Amy con su esposo Carl en las habitaciones no dejaban de sorprenderse ante el lujo y la soberbia del barco que los abrigaba con la luz sobria de los candiles.

‒El café se llama Parisienne, se encuentra en la cubierta B, al lado del restaurante A la Carte. ¿Podríamos ir un rato?

‒Ya tendremos tiempo para disfrutar. Yo estoy agotado, estos días han sido demasiado agitados con el trabajo y los niños. Mañana.

‒Está bien. Me ocuparé en quitar la ropa de la maleta.

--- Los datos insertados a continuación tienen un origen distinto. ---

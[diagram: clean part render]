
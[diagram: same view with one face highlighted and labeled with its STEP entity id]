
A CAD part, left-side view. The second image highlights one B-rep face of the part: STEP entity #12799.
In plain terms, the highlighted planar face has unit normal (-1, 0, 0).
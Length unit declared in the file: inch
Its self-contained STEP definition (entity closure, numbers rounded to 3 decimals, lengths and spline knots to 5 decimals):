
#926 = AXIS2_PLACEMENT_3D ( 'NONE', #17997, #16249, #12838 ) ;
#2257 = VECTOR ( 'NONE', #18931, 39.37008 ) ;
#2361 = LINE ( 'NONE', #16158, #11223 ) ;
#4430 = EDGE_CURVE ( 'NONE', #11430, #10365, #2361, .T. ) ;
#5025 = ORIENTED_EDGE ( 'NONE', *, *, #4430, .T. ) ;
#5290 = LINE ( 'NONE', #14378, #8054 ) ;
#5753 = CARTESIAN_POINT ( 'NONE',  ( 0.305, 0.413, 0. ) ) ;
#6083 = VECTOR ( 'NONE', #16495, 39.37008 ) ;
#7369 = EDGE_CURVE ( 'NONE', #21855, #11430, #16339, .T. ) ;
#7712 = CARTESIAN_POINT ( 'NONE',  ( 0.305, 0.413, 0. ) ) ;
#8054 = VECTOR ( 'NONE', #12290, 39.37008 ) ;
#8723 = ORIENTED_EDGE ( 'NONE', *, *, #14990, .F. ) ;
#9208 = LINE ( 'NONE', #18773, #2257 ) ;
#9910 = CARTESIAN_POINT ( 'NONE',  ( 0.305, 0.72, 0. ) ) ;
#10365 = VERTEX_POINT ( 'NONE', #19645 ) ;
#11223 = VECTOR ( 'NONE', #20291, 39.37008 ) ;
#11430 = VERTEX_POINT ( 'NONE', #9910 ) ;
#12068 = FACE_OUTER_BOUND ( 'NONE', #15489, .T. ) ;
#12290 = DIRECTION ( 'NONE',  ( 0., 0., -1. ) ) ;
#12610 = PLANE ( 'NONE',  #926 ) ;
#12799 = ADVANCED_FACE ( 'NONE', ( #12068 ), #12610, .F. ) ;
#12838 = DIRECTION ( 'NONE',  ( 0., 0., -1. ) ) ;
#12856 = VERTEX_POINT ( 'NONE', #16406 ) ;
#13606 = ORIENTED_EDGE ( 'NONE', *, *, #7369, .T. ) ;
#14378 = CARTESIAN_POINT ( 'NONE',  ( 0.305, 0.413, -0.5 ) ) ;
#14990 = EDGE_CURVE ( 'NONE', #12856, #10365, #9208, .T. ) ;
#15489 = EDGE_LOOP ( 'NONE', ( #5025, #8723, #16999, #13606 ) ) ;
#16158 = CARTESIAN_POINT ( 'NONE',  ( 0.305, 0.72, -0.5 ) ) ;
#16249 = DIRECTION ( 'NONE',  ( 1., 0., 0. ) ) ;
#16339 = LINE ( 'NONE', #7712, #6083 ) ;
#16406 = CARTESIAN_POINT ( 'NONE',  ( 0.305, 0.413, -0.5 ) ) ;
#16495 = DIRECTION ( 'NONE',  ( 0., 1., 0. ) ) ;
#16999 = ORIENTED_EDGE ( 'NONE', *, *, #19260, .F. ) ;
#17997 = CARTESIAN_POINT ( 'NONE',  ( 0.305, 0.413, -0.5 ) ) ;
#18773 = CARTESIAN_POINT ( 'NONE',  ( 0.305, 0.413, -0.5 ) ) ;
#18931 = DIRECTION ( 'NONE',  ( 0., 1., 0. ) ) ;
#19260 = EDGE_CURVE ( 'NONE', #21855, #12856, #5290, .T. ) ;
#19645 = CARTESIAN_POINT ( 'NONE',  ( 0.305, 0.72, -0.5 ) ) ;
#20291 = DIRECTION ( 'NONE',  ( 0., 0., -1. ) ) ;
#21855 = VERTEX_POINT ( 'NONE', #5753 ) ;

‒¿Es que no puedes quedarte tranquila? ‒le dijo Carl y la abrazó por la cintura.

‒No. Sabes que soy inquieta y me aburro rápido. Espero que no suceda con la estadía en esta nave porque si no me arrojo al océano y me voy a tierra a nado.

‒¡Qué rebelde eres! Pero te amo.

Amy era una mujer independiente para la época que tomaba decisiones sin consultar con nadie. Es que no esperaba nada del entorno y Carl era su remiendo: un hombre pacífico, despreocupado e imperturbable. Por eso, a veces, se peleaban; si bien se complementaban por ser tan diferentes, no podían evitar el choque. Amy era de esas mujeres que todo lo quería rápido y en el momento, por eso no aguardaba respuestas. Le gustaba la aventura y la adrenalina de lo impredecible, pero también el silencio como refugio a las horas para calmar la ansiedad de los vacíos. Ella tenía padres, hijos y esposo.  Sin embargo, sentía deseos de correr tras alguna aventura que le alterara los sentidos y le convirtiera en fuego la sangre.

Carl, fiel a sus convicciones y a su carácter, se parecía a su madre.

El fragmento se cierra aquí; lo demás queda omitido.